ACTIVITY: Keep the pictures out, please, and set down every record exactly.

MATERIAL FOR THIS EXERCISE:
□ □ □ □ □
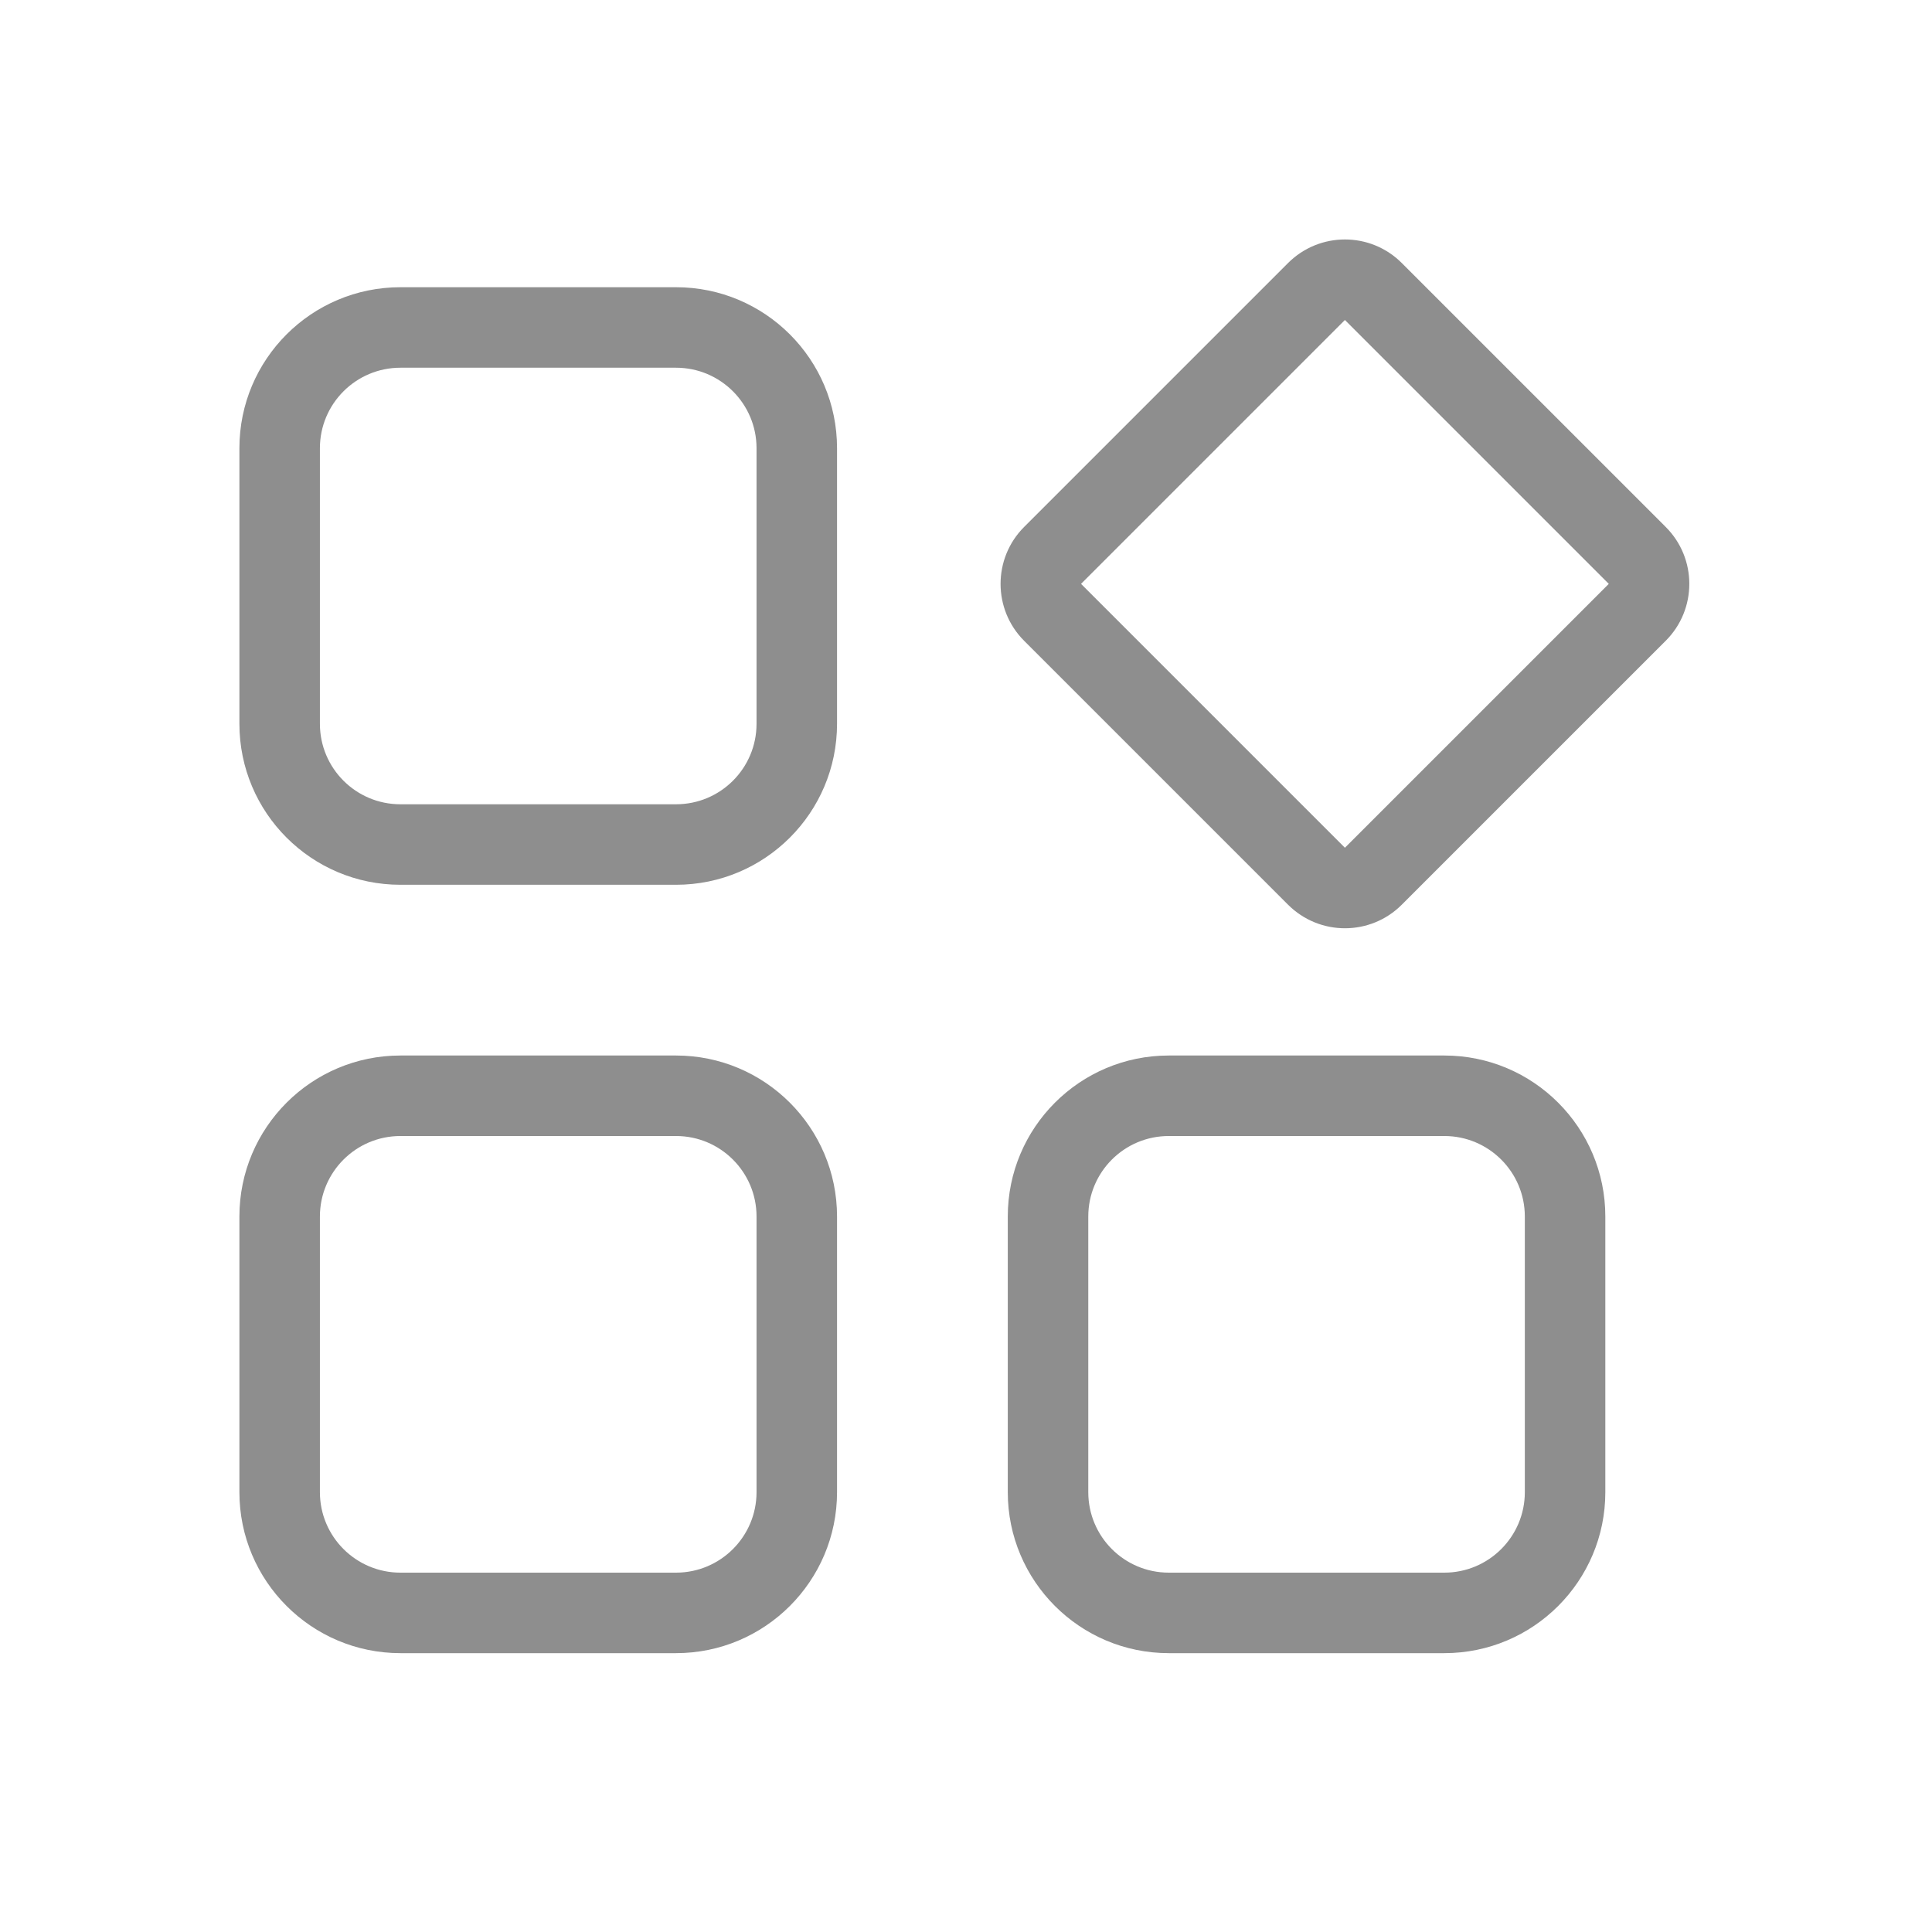 <svg width="24" height="24" viewBox="0 0 24 24" fill="none" xmlns="http://www.w3.org/2000/svg">
<path fill-rule="evenodd" clip-rule="evenodd" d="M13.429 7.253L16.707 3.975L19.985 7.253L16.707 10.531L13.429 7.253ZM12.722 7.96C12.332 7.57 12.332 6.936 12.722 6.546L16 3.268C16.391 2.877 17.024 2.877 17.414 3.268L20.692 6.546C21.083 6.936 21.083 7.57 20.692 7.96L17.414 11.238C17.024 11.629 16.391 11.629 16 11.238L12.722 7.96ZM4.974 4.568H8.398C8.95 4.568 9.398 5.016 9.398 5.568V8.991C9.398 9.544 8.95 9.991 8.398 9.991H4.974C4.422 9.991 3.974 9.544 3.974 8.991V5.568C3.974 5.016 4.422 4.568 4.974 4.568ZM2.974 5.568C2.974 4.463 3.87 3.568 4.974 3.568H8.398C9.502 3.568 10.398 4.463 10.398 5.568V8.991C10.398 10.096 9.502 10.991 8.398 10.991H4.974C3.87 10.991 2.974 10.096 2.974 8.991V5.568ZM4.974 14.112H8.398C8.95 14.112 9.398 14.56 9.398 15.112V18.536C9.398 19.088 8.95 19.536 8.398 19.536H4.974C4.422 19.536 3.974 19.088 3.974 18.536V15.112C3.974 14.56 4.422 14.112 4.974 14.112ZM2.974 15.112C2.974 14.008 3.87 13.112 4.974 13.112H8.398C9.502 13.112 10.398 14.008 10.398 15.112V18.536C10.398 19.64 9.502 20.536 8.398 20.536H4.974C3.87 20.536 2.974 19.64 2.974 18.536V15.112ZM17.942 14.112H14.519C13.966 14.112 13.519 14.56 13.519 15.112V18.536C13.519 19.088 13.966 19.536 14.519 19.536H17.942C18.494 19.536 18.942 19.088 18.942 18.536V15.112C18.942 14.56 18.494 14.112 17.942 14.112ZM14.519 13.112C13.414 13.112 12.519 14.008 12.519 15.112V18.536C12.519 19.64 13.414 20.536 14.519 20.536H17.942C19.047 20.536 19.942 19.64 19.942 18.536V15.112C19.942 14.008 19.047 13.112 17.942 13.112H14.519Z" fill="#8E8E8E"/>
</svg>
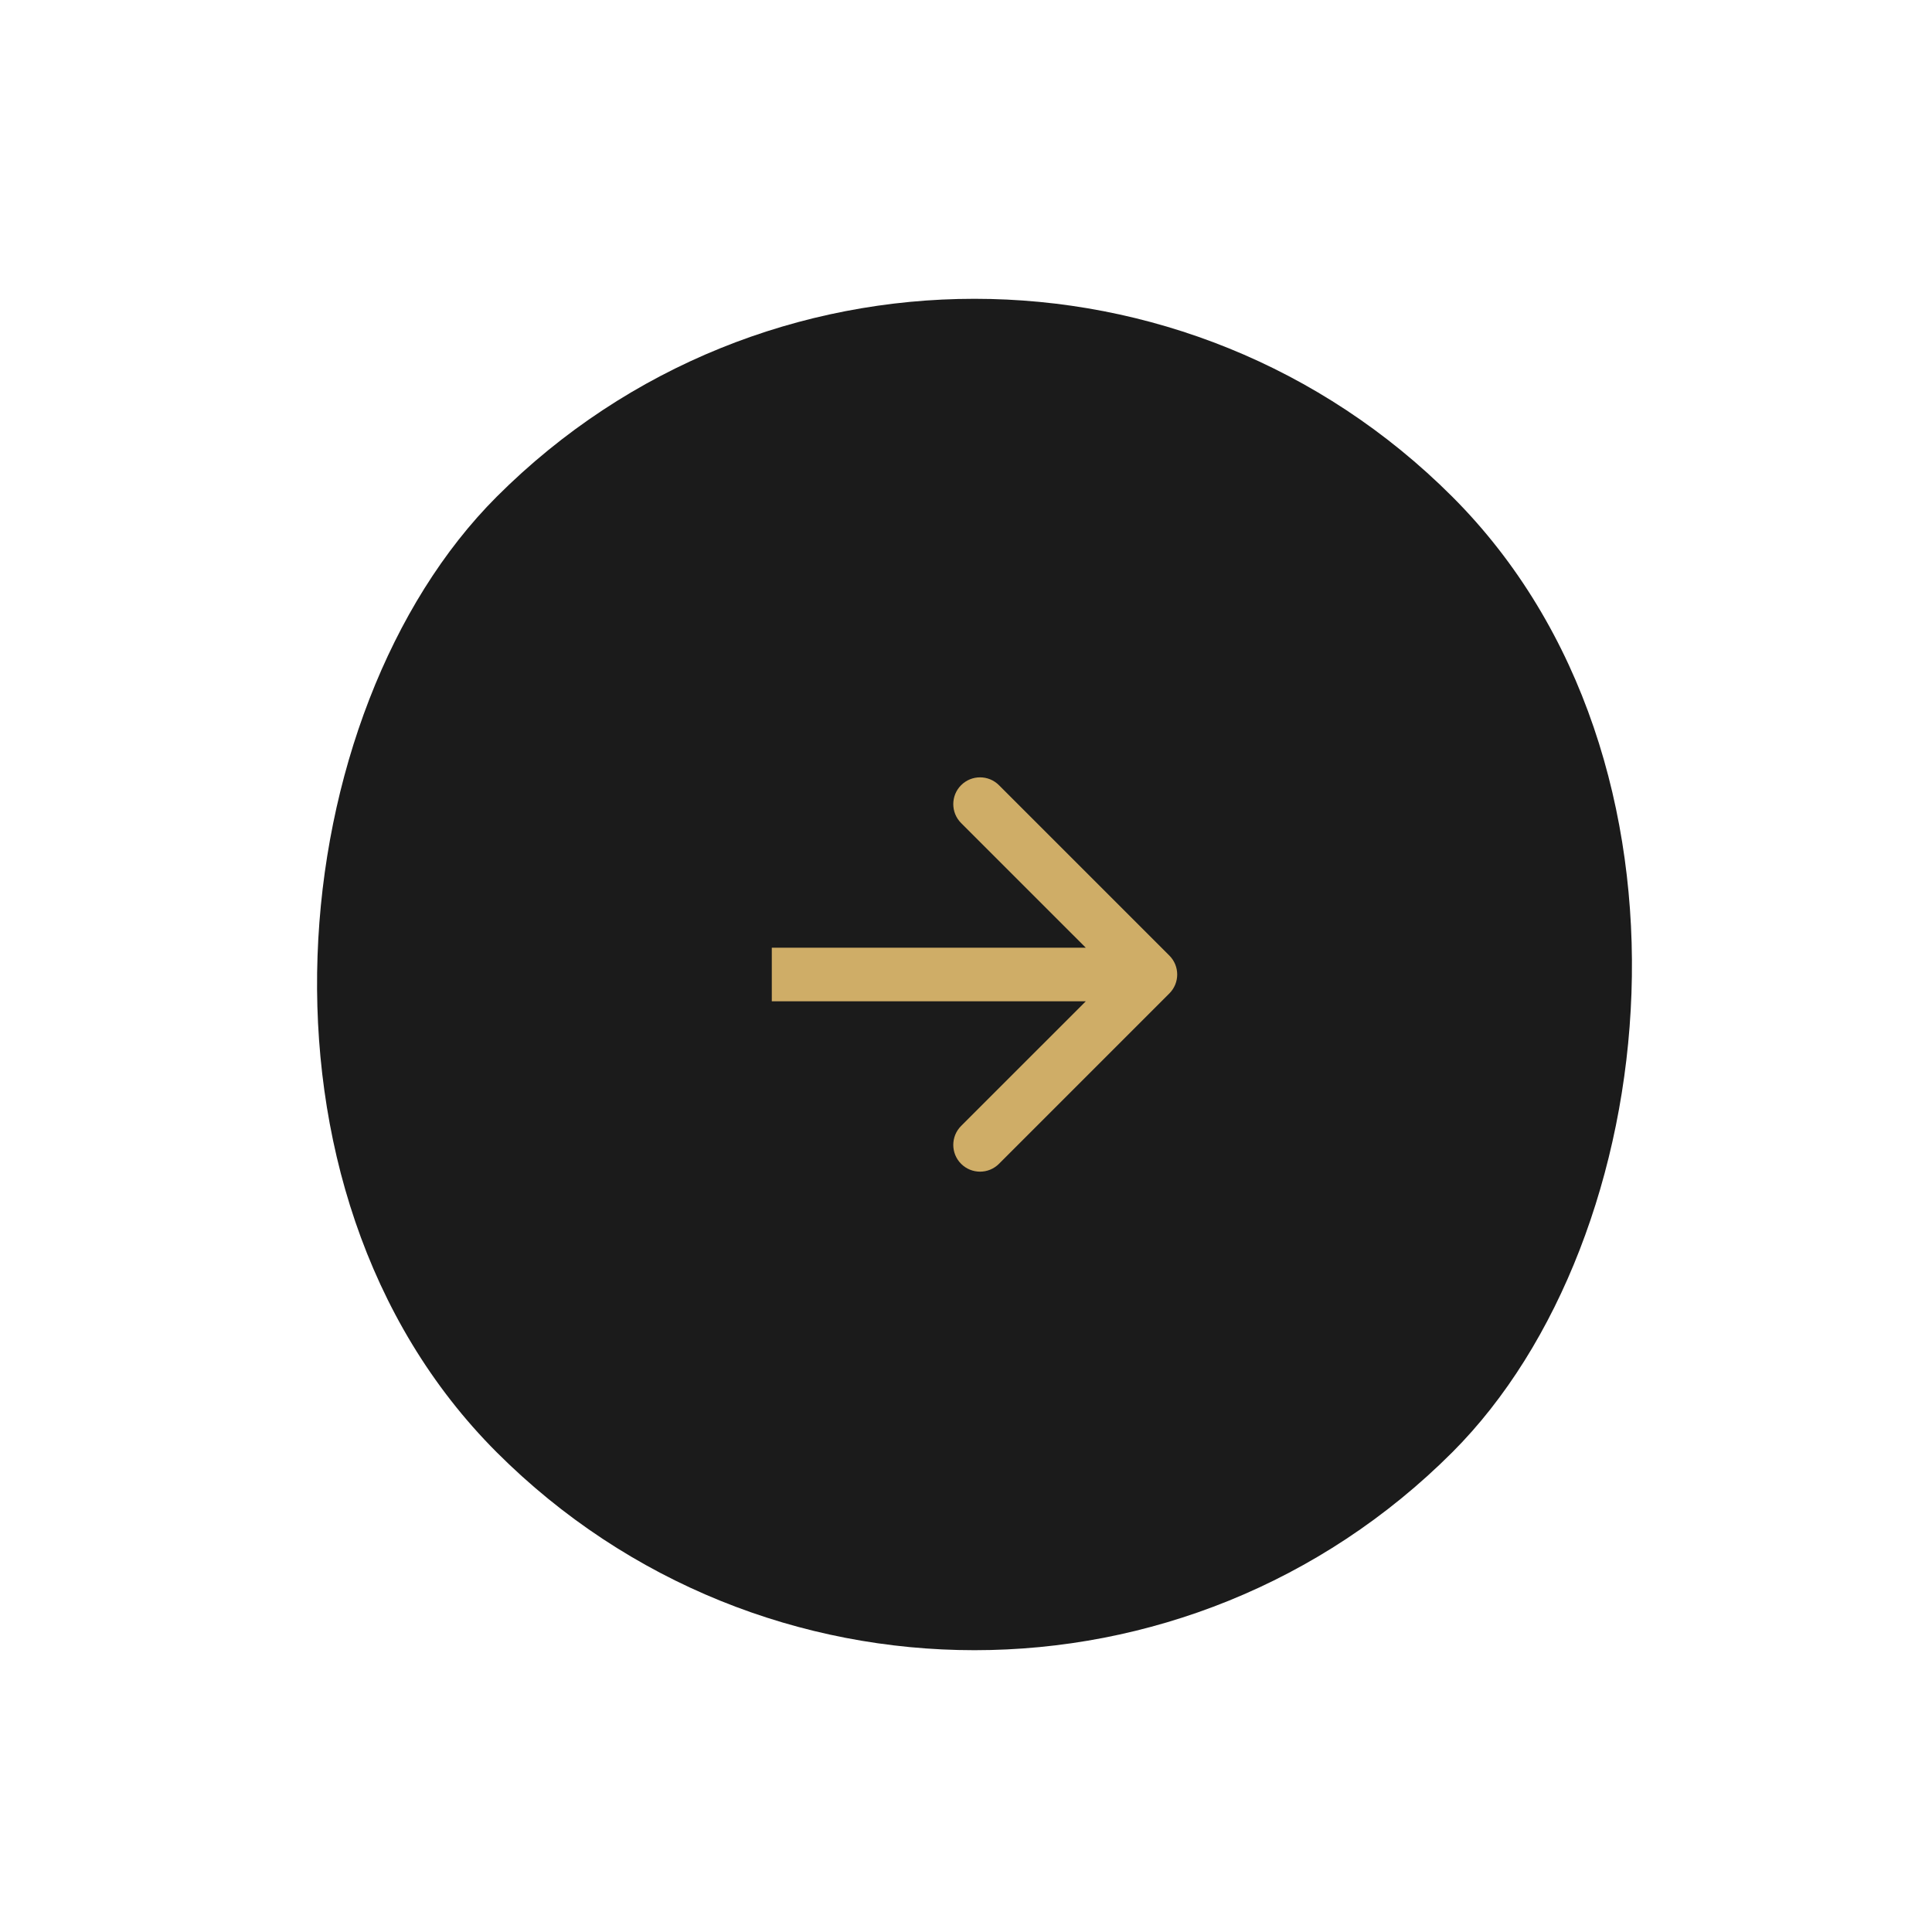 <svg width="77" height="77" viewBox="0 0 77 77" fill="none" xmlns="http://www.w3.org/2000/svg">
<rect x="38.839" y="0.754" width="53.86" height="53.86" rx="26.93" transform="rotate(45 38.839 0.754)" fill="#1B1B1B"/>
<path fill-rule="evenodd" clip-rule="evenodd" d="M39.814 31.294L46.605 38.084C47.022 38.501 47.022 39.177 46.605 39.593L39.814 46.384C39.398 46.801 38.722 46.801 38.305 46.384C37.889 45.968 37.889 45.292 38.305 44.875L43.275 39.906H30.76V37.772H43.275L38.305 32.803C37.889 32.386 37.889 31.71 38.305 31.294C38.722 30.877 39.398 30.877 39.814 31.294Z" fill="#CFAD67"/>
</svg>
□ □ □ □ □
TASK SOLUTION:
 <svg width="24" height="24" viewBox="0 0 24 24" fill="none" xmlns="http://www.w3.org/2000/svg">
<path fill-rule="evenodd" clip-rule="evenodd" d="M13.429 7.253L16.707 3.975L19.985 7.253L16.707 10.531L13.429 7.253ZM12.722 7.96C12.332 7.57 12.332 6.936 12.722 6.546L16 3.268C16.391 2.877 17.024 2.877 17.414 3.268L20.692 6.546C21.083 6.936 21.083 7.57 20.692 7.96L17.414 11.238C17.024 11.629 16.391 11.629 16 11.238L12.722 7.96ZM4.974 4.568H8.398C8.95 4.568 9.398 5.016 9.398 5.568V8.991C9.398 9.544 8.95 9.991 8.398 9.991H4.974C4.422 9.991 3.974 9.544 3.974 8.991V5.568C3.974 5.016 4.422 4.568 4.974 4.568ZM2.974 5.568C2.974 4.463 3.87 3.568 4.974 3.568H8.398C9.502 3.568 10.398 4.463 10.398 5.568V8.991C10.398 10.096 9.502 10.991 8.398 10.991H4.974C3.87 10.991 2.974 10.096 2.974 8.991V5.568ZM4.974 14.112H8.398C8.95 14.112 9.398 14.56 9.398 15.112V18.536C9.398 19.088 8.95 19.536 8.398 19.536H4.974C4.422 19.536 3.974 19.088 3.974 18.536V15.112C3.974 14.56 4.422 14.112 4.974 14.112ZM2.974 15.112C2.974 14.008 3.87 13.112 4.974 13.112H8.398C9.502 13.112 10.398 14.008 10.398 15.112V18.536C10.398 19.64 9.502 20.536 8.398 20.536H4.974C3.87 20.536 2.974 19.64 2.974 18.536V15.112ZM17.942 14.112H14.519C13.966 14.112 13.519 14.56 13.519 15.112V18.536C13.519 19.088 13.966 19.536 14.519 19.536H17.942C18.494 19.536 18.942 19.088 18.942 18.536V15.112C18.942 14.56 18.494 14.112 17.942 14.112ZM14.519 13.112C13.414 13.112 12.519 14.008 12.519 15.112V18.536C12.519 19.64 13.414 20.536 14.519 20.536H17.942C19.047 20.536 19.942 19.64 19.942 18.536V15.112C19.942 14.008 19.047 13.112 17.942 13.112H14.519Z" fill="#8E8E8E"/>
</svg>
 <svg width="77" height="77" viewBox="0 0 77 77" fill="none" xmlns="http://www.w3.org/2000/svg">
<rect x="38.839" y="0.754" width="53.86" height="53.86" rx="26.93" transform="rotate(45 38.839 0.754)" fill="#1B1B1B"/>
<path fill-rule="evenodd" clip-rule="evenodd" d="M39.814 31.294L46.605 38.084C47.022 38.501 47.022 39.177 46.605 39.593L39.814 46.384C39.398 46.801 38.722 46.801 38.305 46.384C37.889 45.968 37.889 45.292 38.305 44.875L43.275 39.906H30.76V37.772H43.275L38.305 32.803C37.889 32.386 37.889 31.71 38.305 31.294C38.722 30.877 39.398 30.877 39.814 31.294Z" fill="#CFAD67"/>
</svg>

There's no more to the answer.